**What needs to be done:** The pictures get left out, but everything else in the listing below must be duplicated exactly.
======== Available data
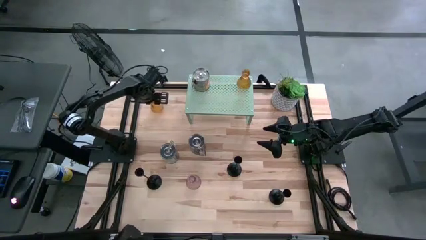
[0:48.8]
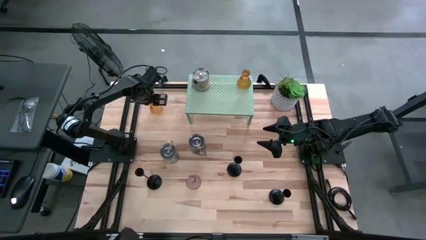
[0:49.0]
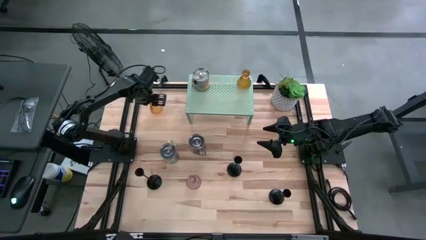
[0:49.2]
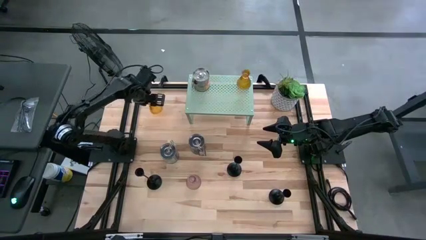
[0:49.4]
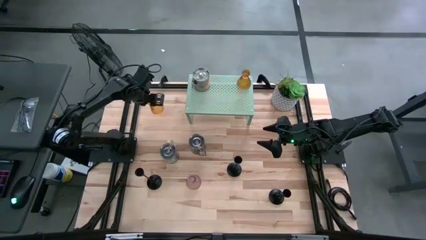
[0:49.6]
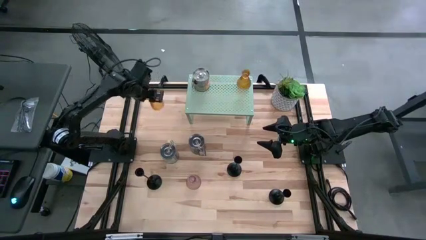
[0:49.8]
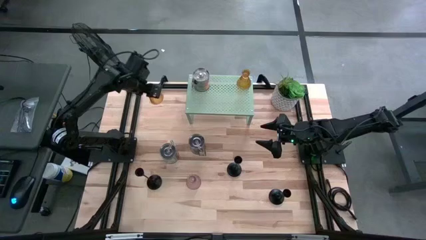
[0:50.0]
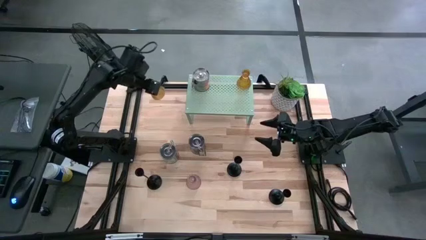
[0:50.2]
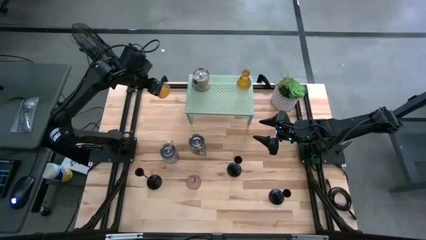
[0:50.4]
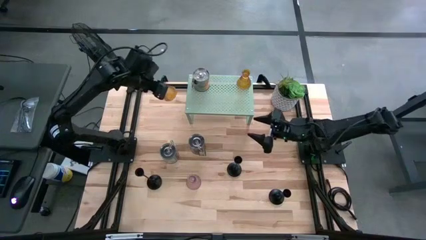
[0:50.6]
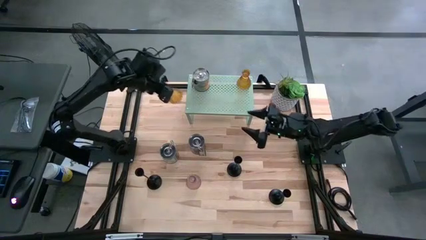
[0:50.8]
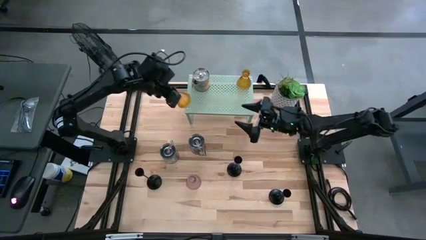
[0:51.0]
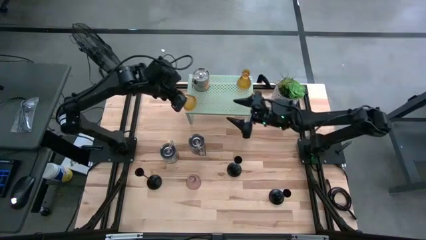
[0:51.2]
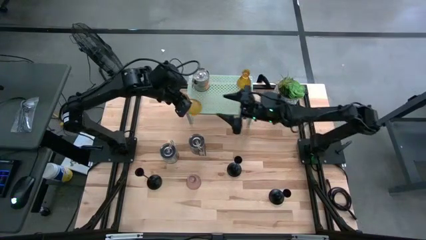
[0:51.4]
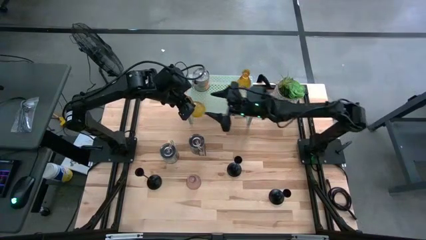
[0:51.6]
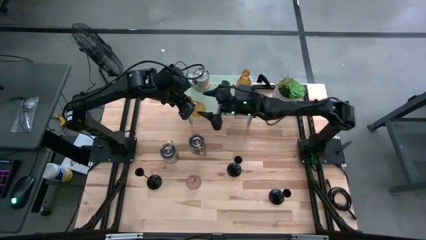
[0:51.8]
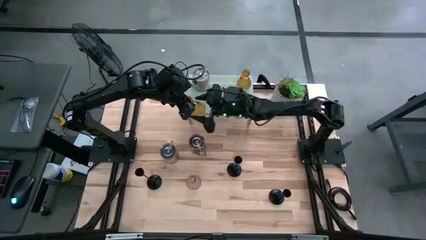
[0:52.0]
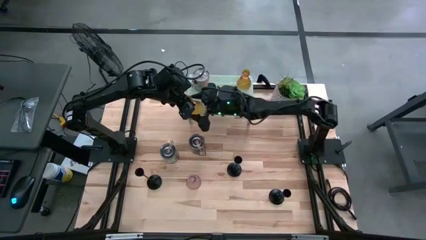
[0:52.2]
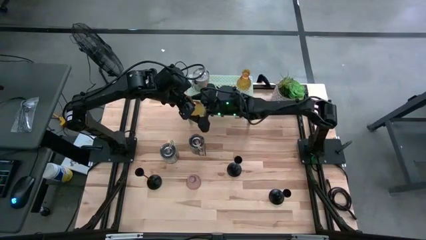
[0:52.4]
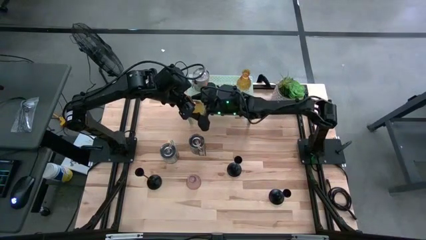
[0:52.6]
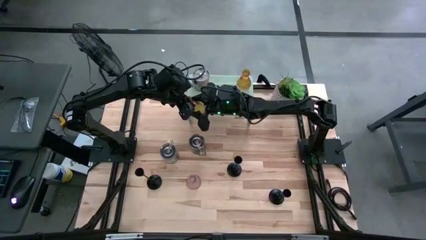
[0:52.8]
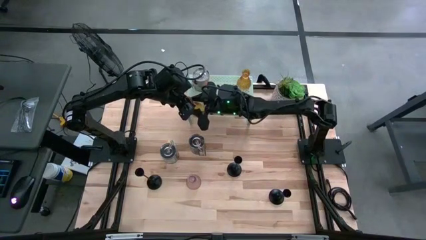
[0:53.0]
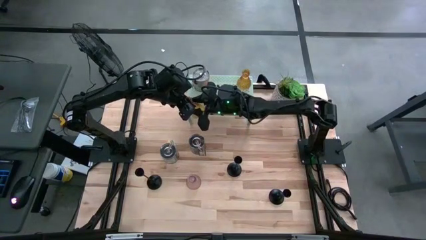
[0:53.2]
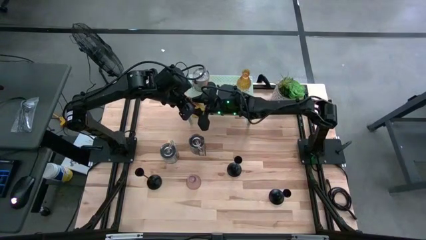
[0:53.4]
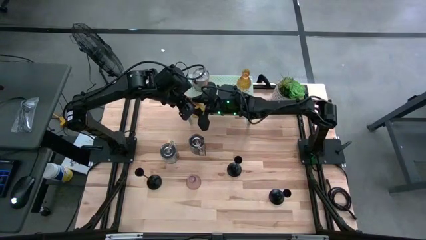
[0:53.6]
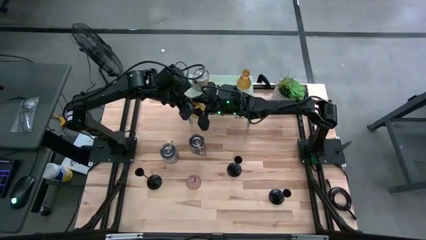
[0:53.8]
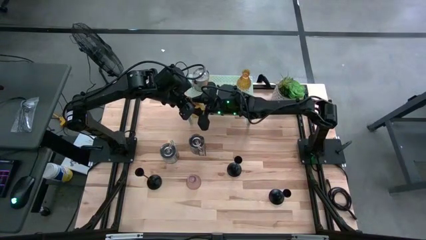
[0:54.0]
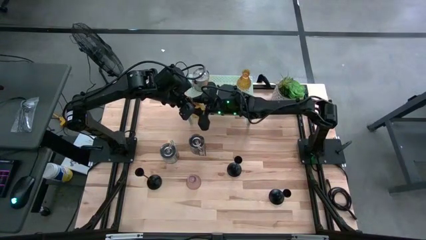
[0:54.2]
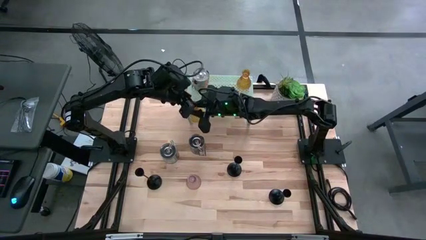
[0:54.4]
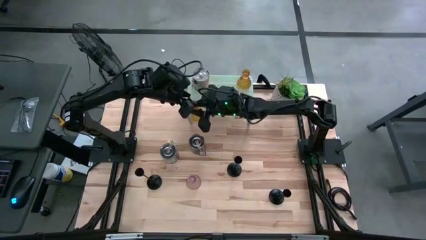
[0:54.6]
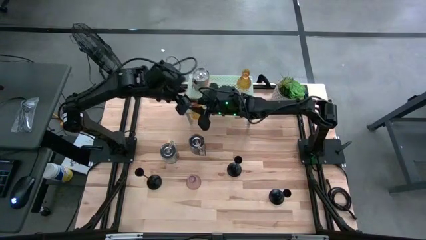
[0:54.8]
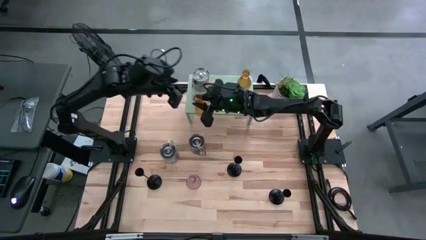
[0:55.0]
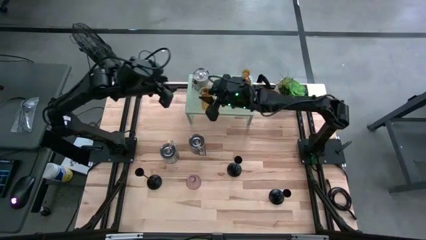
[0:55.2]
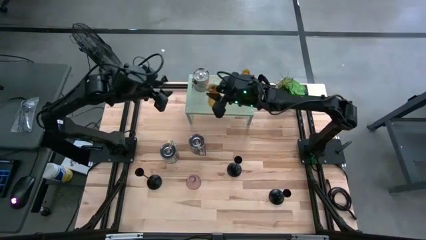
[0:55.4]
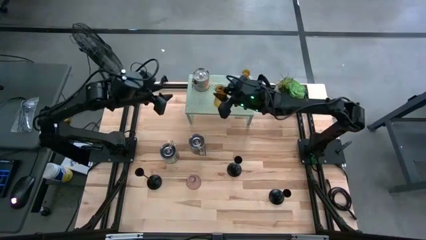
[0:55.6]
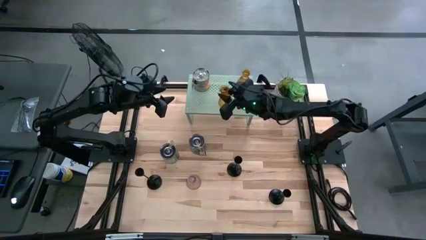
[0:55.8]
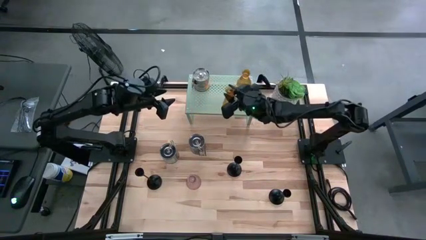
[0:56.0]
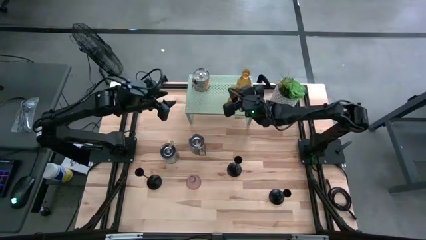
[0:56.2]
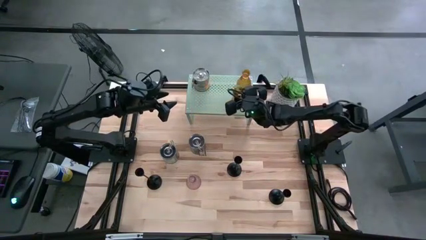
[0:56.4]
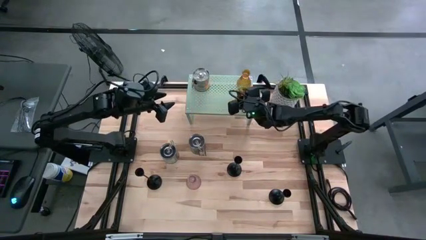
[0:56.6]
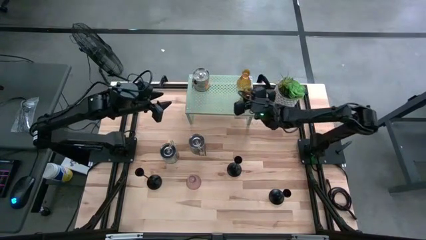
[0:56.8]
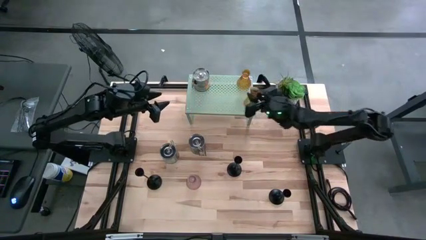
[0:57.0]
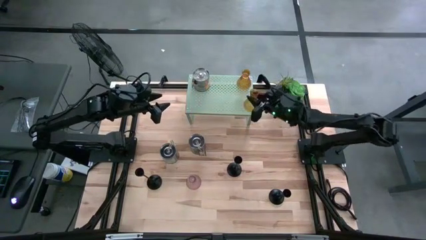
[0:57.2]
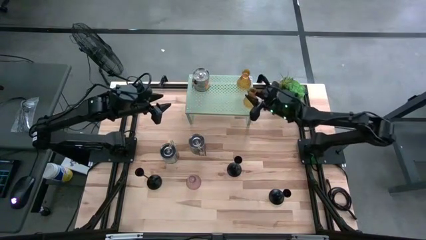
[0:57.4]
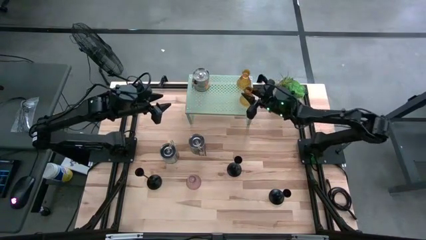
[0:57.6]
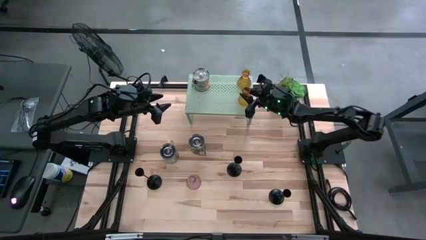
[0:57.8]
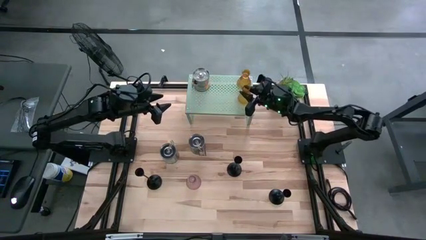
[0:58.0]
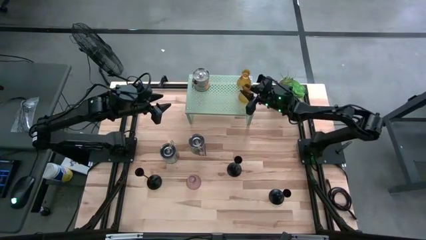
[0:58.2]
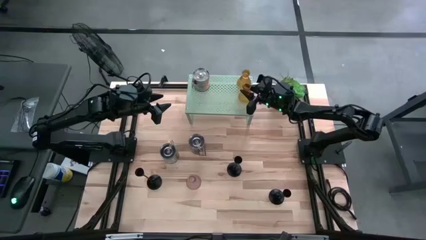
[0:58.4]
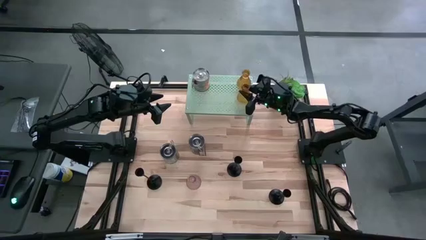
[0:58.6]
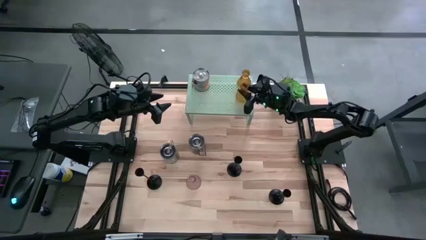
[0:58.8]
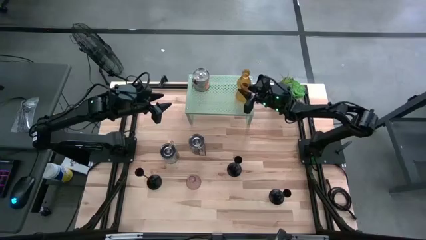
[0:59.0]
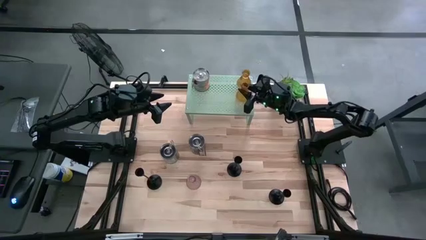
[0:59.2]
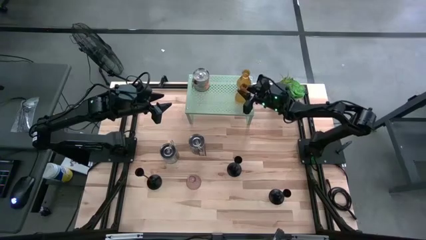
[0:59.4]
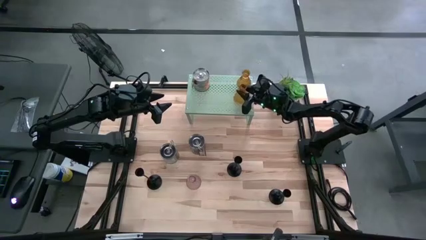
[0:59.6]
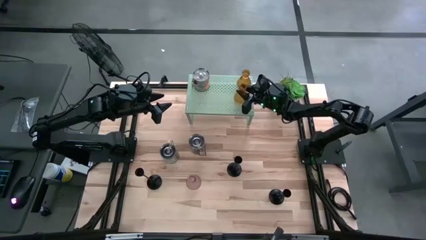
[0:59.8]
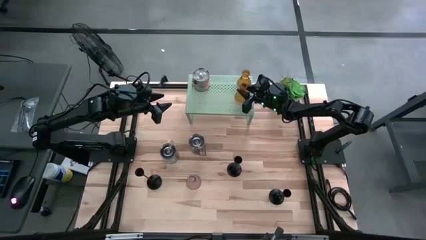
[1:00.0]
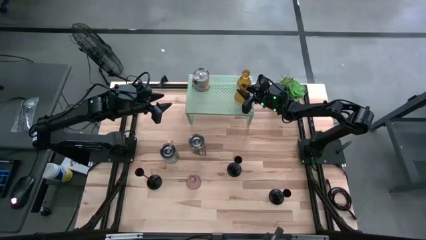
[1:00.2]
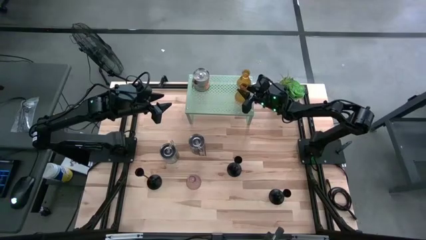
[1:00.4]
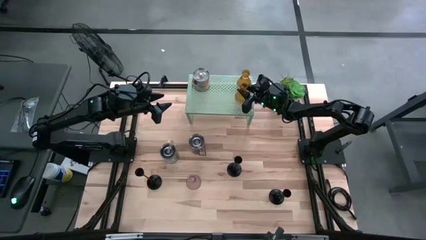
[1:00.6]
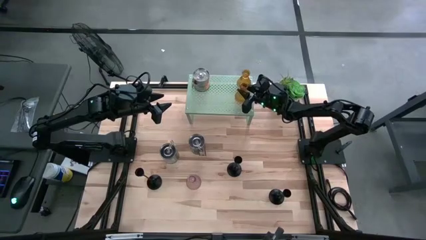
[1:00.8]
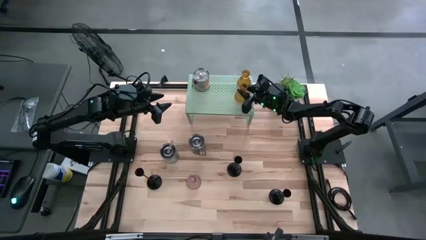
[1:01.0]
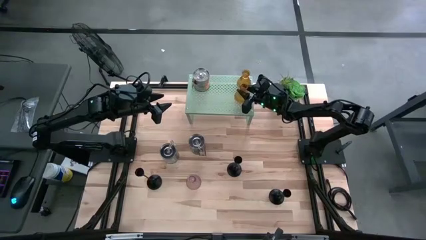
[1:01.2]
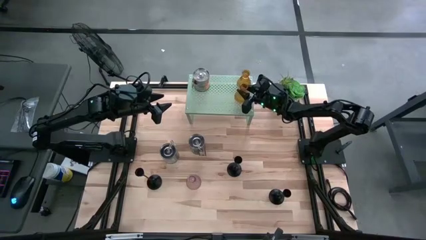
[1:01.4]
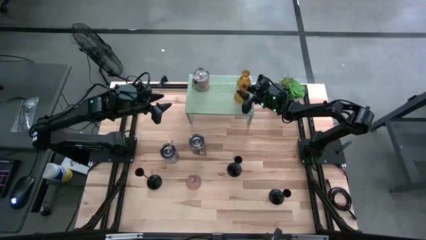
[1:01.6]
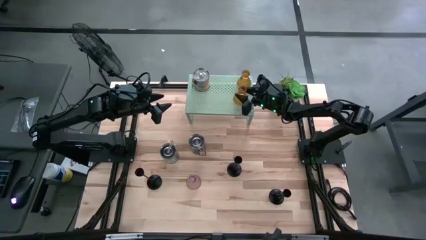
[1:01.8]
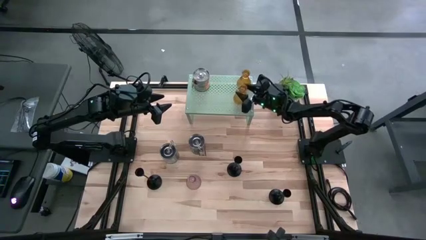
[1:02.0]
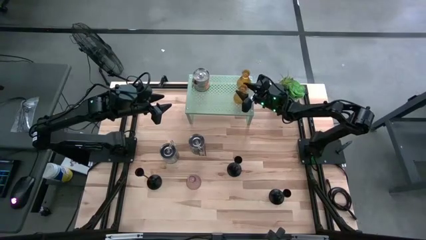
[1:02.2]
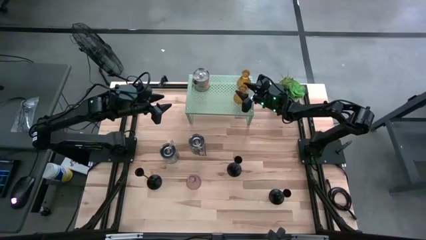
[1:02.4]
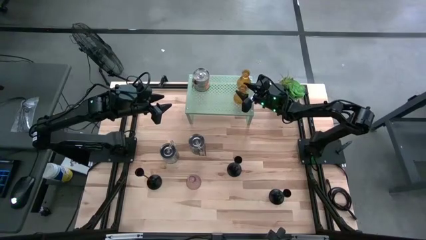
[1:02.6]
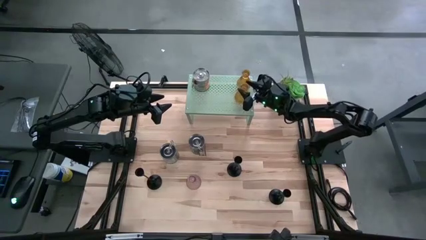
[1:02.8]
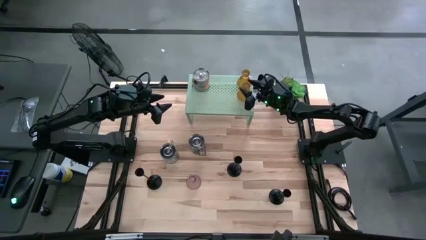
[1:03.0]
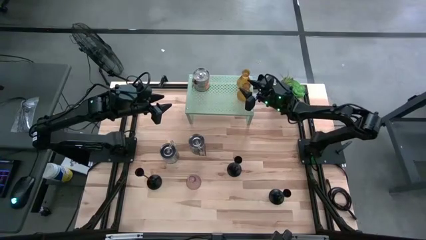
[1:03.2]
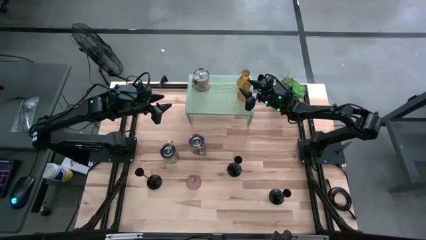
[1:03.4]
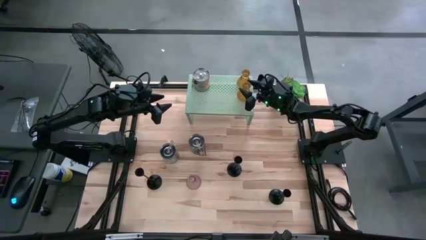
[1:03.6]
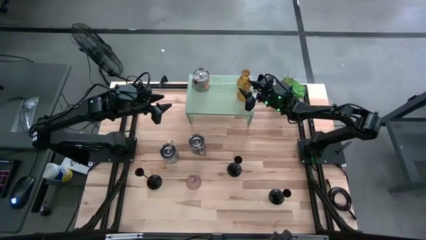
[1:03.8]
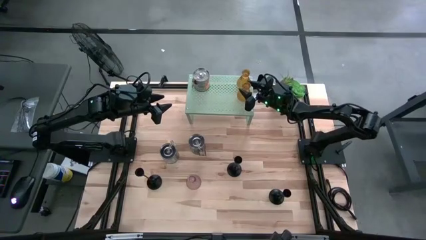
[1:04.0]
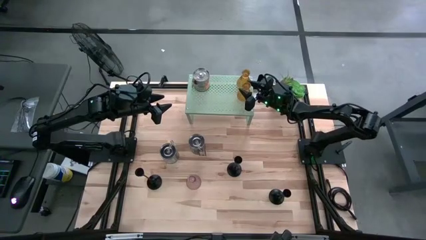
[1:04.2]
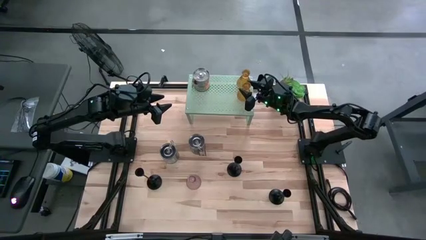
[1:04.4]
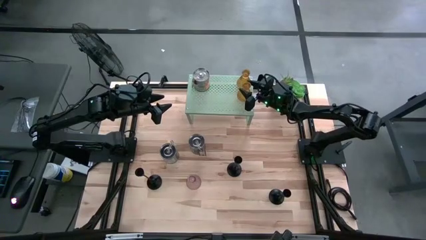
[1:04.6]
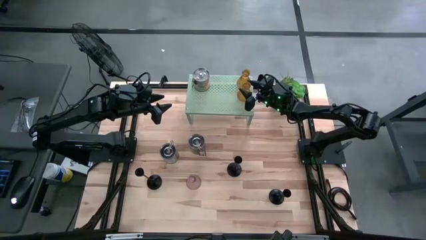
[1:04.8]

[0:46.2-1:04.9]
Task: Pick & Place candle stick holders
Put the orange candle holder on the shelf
================
**Answer box:**
[0:48.8]
[0:49.0]
[0:49.2]
[0:49.4]
[0:49.6]
[0:49.8]
[0:50.0]
[0:50.2]
[0:50.4]
[0:50.6]
[0:50.8]
[0:51.0]
[0:51.2]
[0:51.4]
[0:51.6]
[0:51.8]
[0:52.0]
[0:52.2]
[0:52.4]
[0:52.6]
[0:52.8]
[0:53.0]
[0:53.2]
[0:53.4]
[0:53.6]
[0:53.8]
[0:54.0]
[0:54.2]
[0:54.4]
[0:54.6]
[0:54.8]
[0:55.0]
[0:55.2]
[0:55.4]
[0:55.6]
[0:55.8]
[0:56.0]
[0:56.2]
[0:56.4]
[0:56.6]
[0:56.8]
[0:57.0]
[0:57.2]
[0:57.4]
[0:57.6]
[0:57.8]
[0:58.0]
[0:58.2]
[0:58.4]
[0:58.6]
[0:58.8]
[0:59.0]
[0:59.2]
[0:59.4]
[0:59.6]
[0:59.8]
[1:00.0]
[1:00.2]
[1:00.4]
[1:00.6]
[1:00.8]
[1:01.0]
[1:01.2]
[1:01.4]
[1:01.6]
[1:01.8]
[1:02.0]
[1:02.2]
[1:02.4]
[1:02.6]
[1:02.8]
[1:03.0]
[1:03.2]
[1:03.4]
[1:03.6]
[1:03.8]
[1:04.0]
[1:04.2]
[1:04.4]
[1:04.6]
[1:04.8]

[0:46.2-1:04.9]
Task: Pick & Place candle stick holders
Put the orange candle holder on the shelf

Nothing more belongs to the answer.